• Data for this exercise
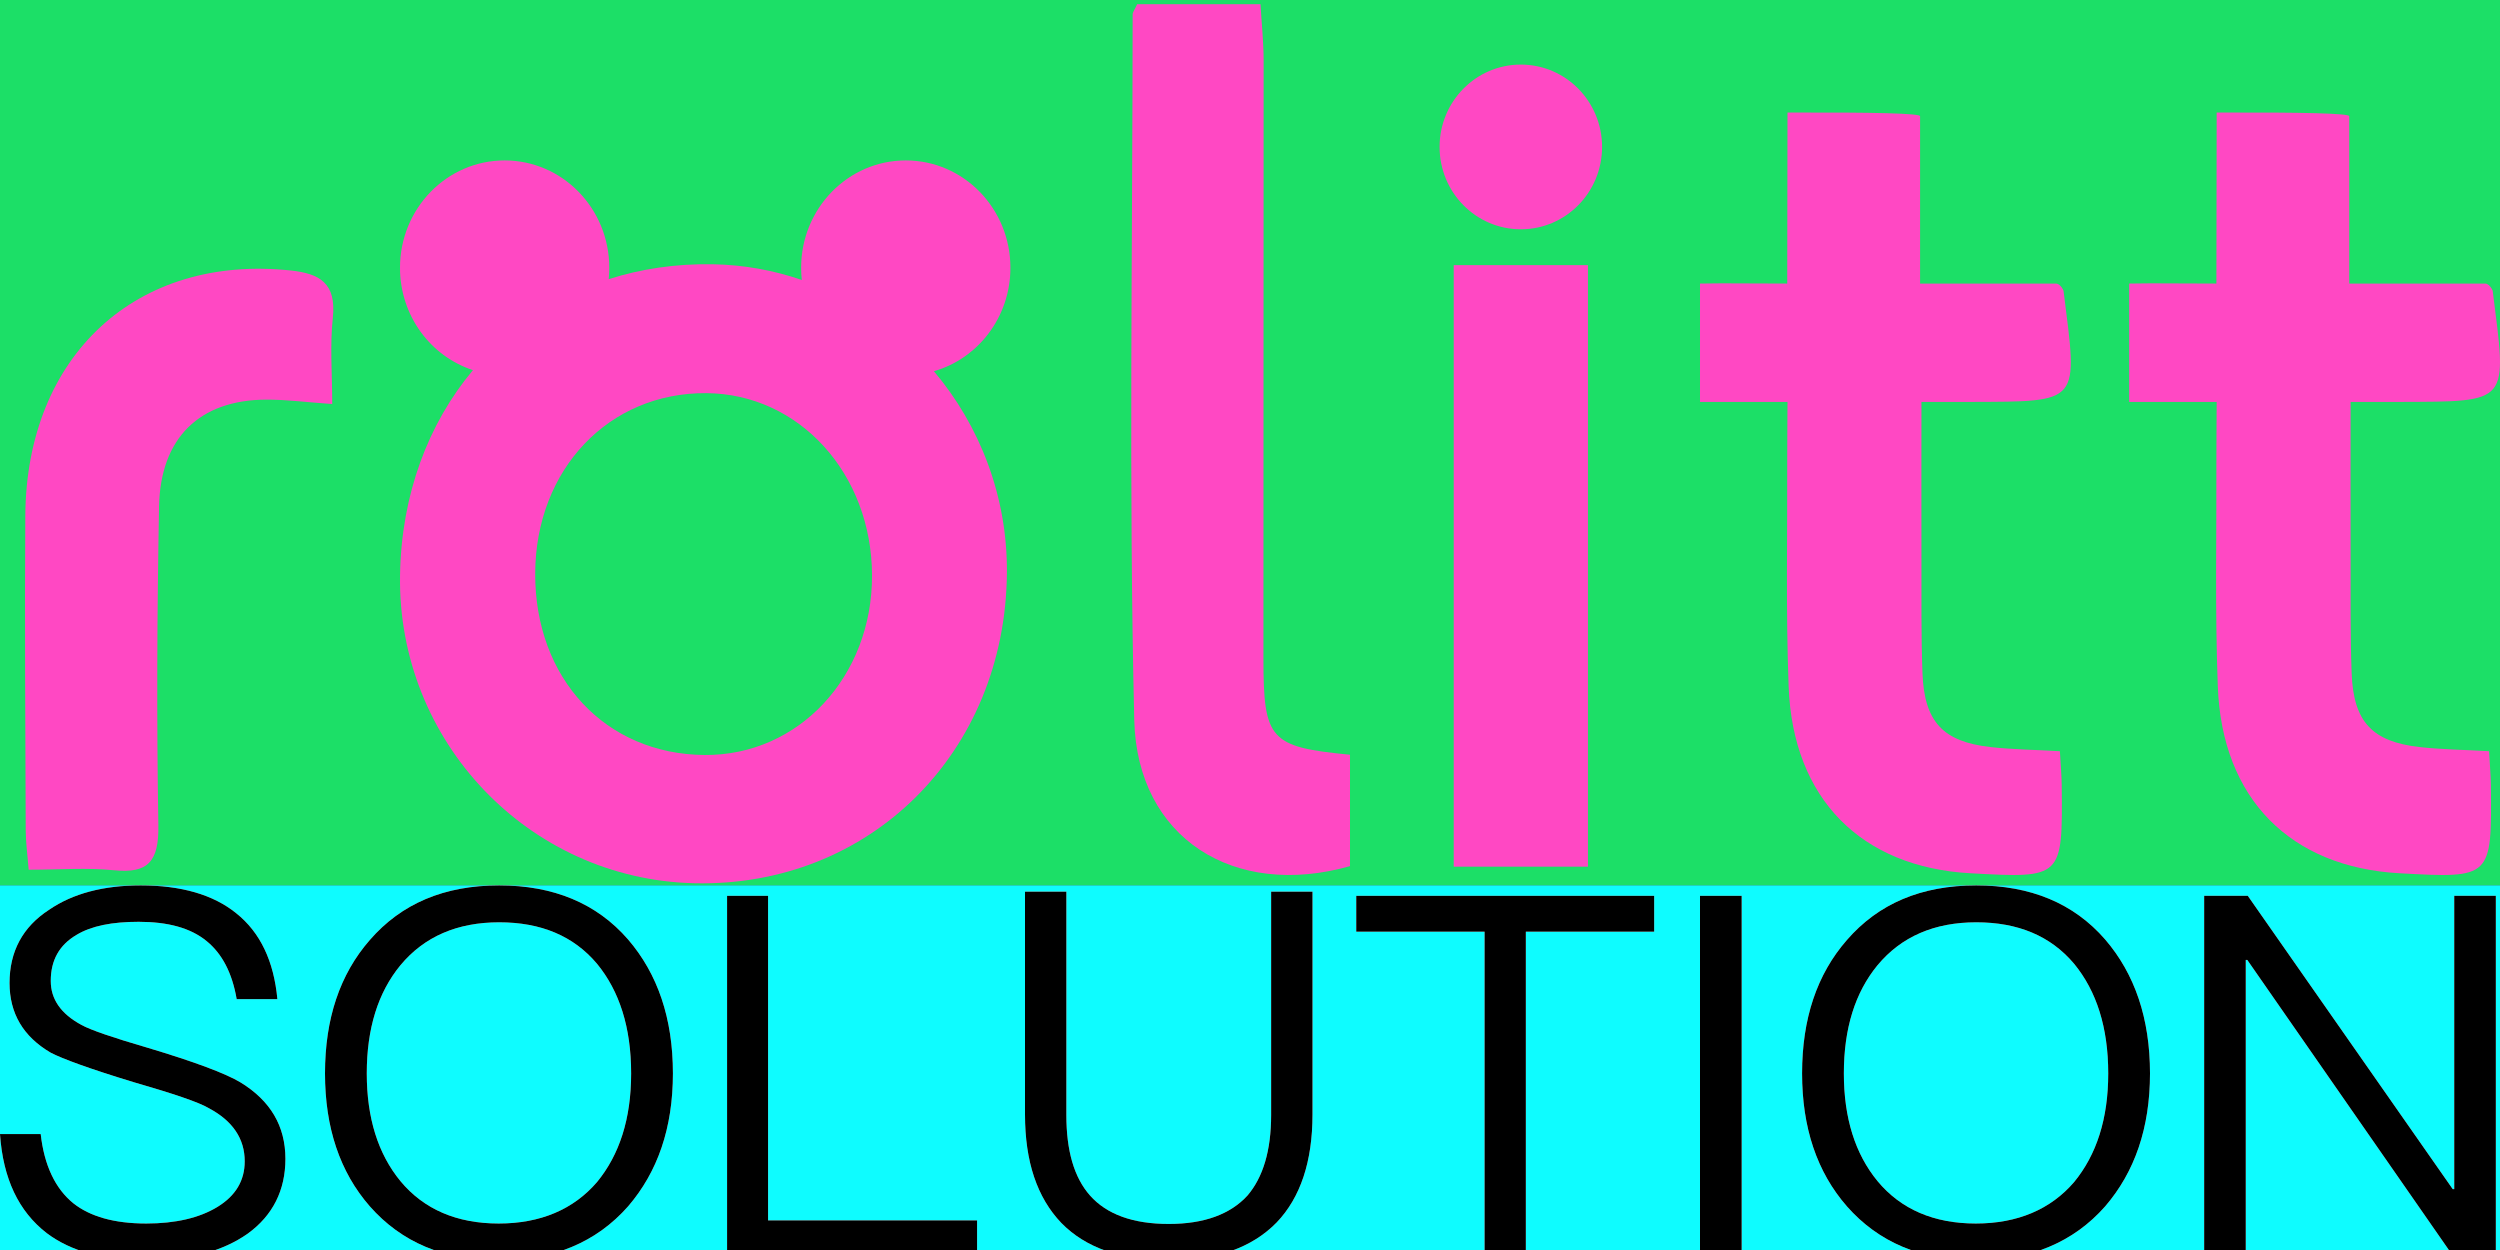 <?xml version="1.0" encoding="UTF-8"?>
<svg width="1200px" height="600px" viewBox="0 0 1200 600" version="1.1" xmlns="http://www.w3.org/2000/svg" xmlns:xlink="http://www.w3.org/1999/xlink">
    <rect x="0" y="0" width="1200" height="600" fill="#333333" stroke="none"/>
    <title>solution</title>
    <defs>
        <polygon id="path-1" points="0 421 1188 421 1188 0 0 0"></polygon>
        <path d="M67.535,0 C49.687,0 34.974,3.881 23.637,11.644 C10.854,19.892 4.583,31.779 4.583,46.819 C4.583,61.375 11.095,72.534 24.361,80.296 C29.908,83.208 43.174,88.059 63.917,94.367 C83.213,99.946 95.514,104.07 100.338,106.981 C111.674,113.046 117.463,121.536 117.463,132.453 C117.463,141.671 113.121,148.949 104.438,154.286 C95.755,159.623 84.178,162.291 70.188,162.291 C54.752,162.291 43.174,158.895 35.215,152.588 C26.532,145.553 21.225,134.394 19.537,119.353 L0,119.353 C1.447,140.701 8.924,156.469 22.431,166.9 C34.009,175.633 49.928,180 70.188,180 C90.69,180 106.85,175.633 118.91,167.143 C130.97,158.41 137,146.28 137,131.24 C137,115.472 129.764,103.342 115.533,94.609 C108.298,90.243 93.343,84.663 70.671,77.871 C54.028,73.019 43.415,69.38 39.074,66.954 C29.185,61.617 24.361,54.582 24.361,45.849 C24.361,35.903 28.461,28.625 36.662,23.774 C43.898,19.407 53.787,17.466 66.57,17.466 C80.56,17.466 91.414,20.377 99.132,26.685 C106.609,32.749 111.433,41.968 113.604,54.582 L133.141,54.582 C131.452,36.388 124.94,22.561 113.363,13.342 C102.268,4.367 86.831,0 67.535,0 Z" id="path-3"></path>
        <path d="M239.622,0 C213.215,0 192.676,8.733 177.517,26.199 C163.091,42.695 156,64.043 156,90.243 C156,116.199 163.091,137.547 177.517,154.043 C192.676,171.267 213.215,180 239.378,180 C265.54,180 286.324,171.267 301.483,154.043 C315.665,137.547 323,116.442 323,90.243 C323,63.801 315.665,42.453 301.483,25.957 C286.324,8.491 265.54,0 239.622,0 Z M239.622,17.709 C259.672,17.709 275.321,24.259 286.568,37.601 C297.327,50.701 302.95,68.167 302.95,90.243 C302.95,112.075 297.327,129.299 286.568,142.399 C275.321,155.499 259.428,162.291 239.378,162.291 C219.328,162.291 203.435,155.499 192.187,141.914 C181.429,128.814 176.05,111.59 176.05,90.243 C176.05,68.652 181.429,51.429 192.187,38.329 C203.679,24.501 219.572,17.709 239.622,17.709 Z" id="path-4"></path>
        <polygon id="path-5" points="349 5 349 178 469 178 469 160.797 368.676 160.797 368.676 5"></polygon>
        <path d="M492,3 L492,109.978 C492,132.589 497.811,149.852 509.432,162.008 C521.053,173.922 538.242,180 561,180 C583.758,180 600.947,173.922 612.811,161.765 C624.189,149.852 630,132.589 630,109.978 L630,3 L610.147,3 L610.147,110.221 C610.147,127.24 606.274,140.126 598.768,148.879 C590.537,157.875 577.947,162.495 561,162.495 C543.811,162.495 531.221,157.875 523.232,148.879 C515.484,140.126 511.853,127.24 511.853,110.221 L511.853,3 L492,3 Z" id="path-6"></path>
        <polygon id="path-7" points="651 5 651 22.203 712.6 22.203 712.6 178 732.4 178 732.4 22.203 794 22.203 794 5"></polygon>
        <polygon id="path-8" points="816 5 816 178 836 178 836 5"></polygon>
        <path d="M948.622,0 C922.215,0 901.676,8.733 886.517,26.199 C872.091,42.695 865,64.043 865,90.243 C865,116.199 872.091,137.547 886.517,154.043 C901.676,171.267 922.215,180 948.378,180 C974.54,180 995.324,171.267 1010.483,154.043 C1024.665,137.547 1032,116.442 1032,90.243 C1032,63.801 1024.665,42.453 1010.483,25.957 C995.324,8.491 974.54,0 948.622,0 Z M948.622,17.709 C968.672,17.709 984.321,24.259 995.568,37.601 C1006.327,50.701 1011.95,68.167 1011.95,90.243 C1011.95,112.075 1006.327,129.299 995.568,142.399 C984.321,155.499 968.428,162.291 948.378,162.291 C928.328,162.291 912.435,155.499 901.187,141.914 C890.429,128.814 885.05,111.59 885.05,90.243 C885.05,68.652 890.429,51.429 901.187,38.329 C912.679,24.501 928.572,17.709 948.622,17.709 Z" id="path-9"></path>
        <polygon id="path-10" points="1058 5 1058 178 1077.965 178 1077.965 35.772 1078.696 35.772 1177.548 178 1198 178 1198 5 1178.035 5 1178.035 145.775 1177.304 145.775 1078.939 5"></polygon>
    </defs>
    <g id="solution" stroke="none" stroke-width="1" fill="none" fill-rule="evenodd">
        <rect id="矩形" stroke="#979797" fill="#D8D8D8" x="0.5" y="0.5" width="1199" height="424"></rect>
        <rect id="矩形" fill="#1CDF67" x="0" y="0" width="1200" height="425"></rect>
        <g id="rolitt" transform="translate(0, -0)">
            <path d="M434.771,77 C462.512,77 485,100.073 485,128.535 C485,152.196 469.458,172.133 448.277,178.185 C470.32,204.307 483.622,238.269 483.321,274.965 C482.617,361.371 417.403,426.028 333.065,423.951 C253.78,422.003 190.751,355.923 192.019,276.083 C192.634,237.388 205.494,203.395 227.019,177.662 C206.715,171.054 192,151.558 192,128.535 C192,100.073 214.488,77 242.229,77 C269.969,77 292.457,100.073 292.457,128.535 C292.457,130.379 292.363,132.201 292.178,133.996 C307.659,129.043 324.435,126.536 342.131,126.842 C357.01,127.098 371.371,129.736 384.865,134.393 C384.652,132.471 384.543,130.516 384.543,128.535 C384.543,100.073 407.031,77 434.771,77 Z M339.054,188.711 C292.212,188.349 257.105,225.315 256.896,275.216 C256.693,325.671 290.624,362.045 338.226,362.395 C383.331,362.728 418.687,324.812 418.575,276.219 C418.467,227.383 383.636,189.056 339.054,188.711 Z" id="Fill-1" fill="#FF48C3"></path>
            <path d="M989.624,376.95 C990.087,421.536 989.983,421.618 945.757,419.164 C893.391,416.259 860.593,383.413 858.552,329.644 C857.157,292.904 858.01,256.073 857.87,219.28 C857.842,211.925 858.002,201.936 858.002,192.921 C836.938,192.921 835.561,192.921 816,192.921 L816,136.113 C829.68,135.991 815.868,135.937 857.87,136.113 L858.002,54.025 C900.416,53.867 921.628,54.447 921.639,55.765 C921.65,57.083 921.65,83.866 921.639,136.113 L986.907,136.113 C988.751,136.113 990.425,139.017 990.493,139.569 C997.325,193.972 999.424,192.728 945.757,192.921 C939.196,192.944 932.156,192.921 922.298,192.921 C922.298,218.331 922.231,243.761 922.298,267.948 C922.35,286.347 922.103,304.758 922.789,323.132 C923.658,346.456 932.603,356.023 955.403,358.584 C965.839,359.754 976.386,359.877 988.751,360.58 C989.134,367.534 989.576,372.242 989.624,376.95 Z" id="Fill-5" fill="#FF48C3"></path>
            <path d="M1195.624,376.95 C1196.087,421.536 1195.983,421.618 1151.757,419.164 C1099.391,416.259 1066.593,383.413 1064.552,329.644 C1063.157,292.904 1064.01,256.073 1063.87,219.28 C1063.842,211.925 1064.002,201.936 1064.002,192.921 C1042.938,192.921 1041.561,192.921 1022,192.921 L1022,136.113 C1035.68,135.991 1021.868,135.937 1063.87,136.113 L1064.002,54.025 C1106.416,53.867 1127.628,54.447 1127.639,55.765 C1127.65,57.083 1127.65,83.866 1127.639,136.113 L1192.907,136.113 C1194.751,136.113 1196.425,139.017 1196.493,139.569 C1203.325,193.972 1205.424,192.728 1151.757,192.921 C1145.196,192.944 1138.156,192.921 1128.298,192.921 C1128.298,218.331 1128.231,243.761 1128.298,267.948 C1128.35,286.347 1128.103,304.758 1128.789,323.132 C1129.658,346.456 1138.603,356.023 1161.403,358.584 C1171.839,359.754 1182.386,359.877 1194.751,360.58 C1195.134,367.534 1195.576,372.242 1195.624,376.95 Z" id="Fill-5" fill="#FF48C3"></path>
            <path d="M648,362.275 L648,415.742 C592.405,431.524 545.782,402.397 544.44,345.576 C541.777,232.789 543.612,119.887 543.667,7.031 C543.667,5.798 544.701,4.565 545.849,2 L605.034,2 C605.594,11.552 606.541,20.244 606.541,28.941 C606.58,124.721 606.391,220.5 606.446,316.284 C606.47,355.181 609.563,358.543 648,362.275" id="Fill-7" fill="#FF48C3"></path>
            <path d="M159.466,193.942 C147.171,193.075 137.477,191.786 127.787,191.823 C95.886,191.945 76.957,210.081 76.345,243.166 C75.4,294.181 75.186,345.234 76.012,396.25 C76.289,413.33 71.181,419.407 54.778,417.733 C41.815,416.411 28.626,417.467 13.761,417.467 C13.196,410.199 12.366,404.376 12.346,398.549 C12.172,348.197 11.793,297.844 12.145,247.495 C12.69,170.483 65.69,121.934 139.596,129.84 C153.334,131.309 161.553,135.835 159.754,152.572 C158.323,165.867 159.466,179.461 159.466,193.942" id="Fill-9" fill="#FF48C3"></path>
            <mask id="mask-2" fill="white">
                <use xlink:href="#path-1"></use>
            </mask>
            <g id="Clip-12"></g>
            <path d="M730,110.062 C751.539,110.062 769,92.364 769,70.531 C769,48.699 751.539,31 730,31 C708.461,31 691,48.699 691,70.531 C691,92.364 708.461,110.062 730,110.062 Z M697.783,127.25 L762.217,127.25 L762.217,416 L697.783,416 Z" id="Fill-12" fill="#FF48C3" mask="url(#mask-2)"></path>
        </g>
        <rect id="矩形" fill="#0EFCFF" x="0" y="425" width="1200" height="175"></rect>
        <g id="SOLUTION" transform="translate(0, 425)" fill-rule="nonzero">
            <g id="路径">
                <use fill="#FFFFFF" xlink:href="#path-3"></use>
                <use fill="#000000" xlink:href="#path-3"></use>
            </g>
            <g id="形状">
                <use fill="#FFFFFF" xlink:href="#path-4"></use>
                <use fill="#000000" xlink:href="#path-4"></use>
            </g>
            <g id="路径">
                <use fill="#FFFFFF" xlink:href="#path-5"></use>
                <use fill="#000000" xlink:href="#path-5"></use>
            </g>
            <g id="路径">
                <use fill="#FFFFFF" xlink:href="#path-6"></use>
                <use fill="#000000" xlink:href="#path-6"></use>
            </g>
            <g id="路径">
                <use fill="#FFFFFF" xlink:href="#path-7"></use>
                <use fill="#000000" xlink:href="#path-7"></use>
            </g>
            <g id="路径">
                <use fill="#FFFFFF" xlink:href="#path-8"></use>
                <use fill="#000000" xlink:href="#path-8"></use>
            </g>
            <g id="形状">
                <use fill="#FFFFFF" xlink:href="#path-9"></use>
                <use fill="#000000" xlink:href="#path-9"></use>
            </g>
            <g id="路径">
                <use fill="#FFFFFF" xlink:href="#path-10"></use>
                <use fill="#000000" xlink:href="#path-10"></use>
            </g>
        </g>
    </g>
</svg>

• What you should do
When you reach the line in the material above that holds "C990.087,421.536 989.983,421.618 945.757,419.164", begin reproducing lines exactly, and stop after the line that holds "C1196.087,421.536 1195.983,421.618 1151.757,419.164".

• Answer space
            <path d="M989.624,376.95 C990.087,421.536 989.983,421.618 945.757,419.164 C893.391,416.259 860.593,383.413 858.552,329.644 C857.157,292.904 858.01,256.073 857.87,219.28 C857.842,211.925 858.002,201.936 858.002,192.921 C836.938,192.921 835.561,192.921 816,192.921 L816,136.113 C829.68,135.991 815.868,135.937 857.87,136.113 L858.002,54.025 C900.416,53.867 921.628,54.447 921.639,55.765 C921.65,57.083 921.65,83.866 921.639,136.113 L986.907,136.113 C988.751,136.113 990.425,139.017 990.493,139.569 C997.325,193.972 999.424,192.728 945.757,192.921 C939.196,192.944 932.156,192.921 922.298,192.921 C922.298,218.331 922.231,243.761 922.298,267.948 C922.35,286.347 922.103,304.758 922.789,323.132 C923.658,346.456 932.603,356.023 955.403,358.584 C965.839,359.754 976.386,359.877 988.751,360.58 C989.134,367.534 989.576,372.242 989.624,376.95 Z" id="Fill-5" fill="#FF48C3"></path>
            <path d="M1195.624,376.95 C1196.087,421.536 1195.983,421.618 1151.757,419.164 C1099.391,416.259 1066.593,383.413 1064.552,329.644 C1063.157,292.904 1064.01,256.073 1063.87,219.28 C1063.842,211.925 1064.002,201.936 1064.002,192.921 C1042.938,192.921 1041.561,192.921 1022,192.921 L1022,136.113 C1035.68,135.991 1021.868,135.937 1063.87,136.113 L1064.002,54.025 C1106.416,53.867 1127.628,54.447 1127.639,55.765 C1127.65,57.083 1127.65,83.866 1127.639,136.113 L1192.907,136.113 C1194.751,136.113 1196.425,139.017 1196.493,139.569 C1203.325,193.972 1205.424,192.728 1151.757,192.921 C1145.196,192.944 1138.156,192.921 1128.298,192.921 C1128.298,218.331 1128.231,243.761 1128.298,267.948 C1128.35,286.347 1128.103,304.758 1128.789,323.132 C1129.658,346.456 1138.603,356.023 1161.403,358.584 C1171.839,359.754 1182.386,359.877 1194.751,360.58 C1195.134,367.534 1195.576,372.242 1195.624,376.95 Z" id="Fill-5" fill="#FF48C3"></path>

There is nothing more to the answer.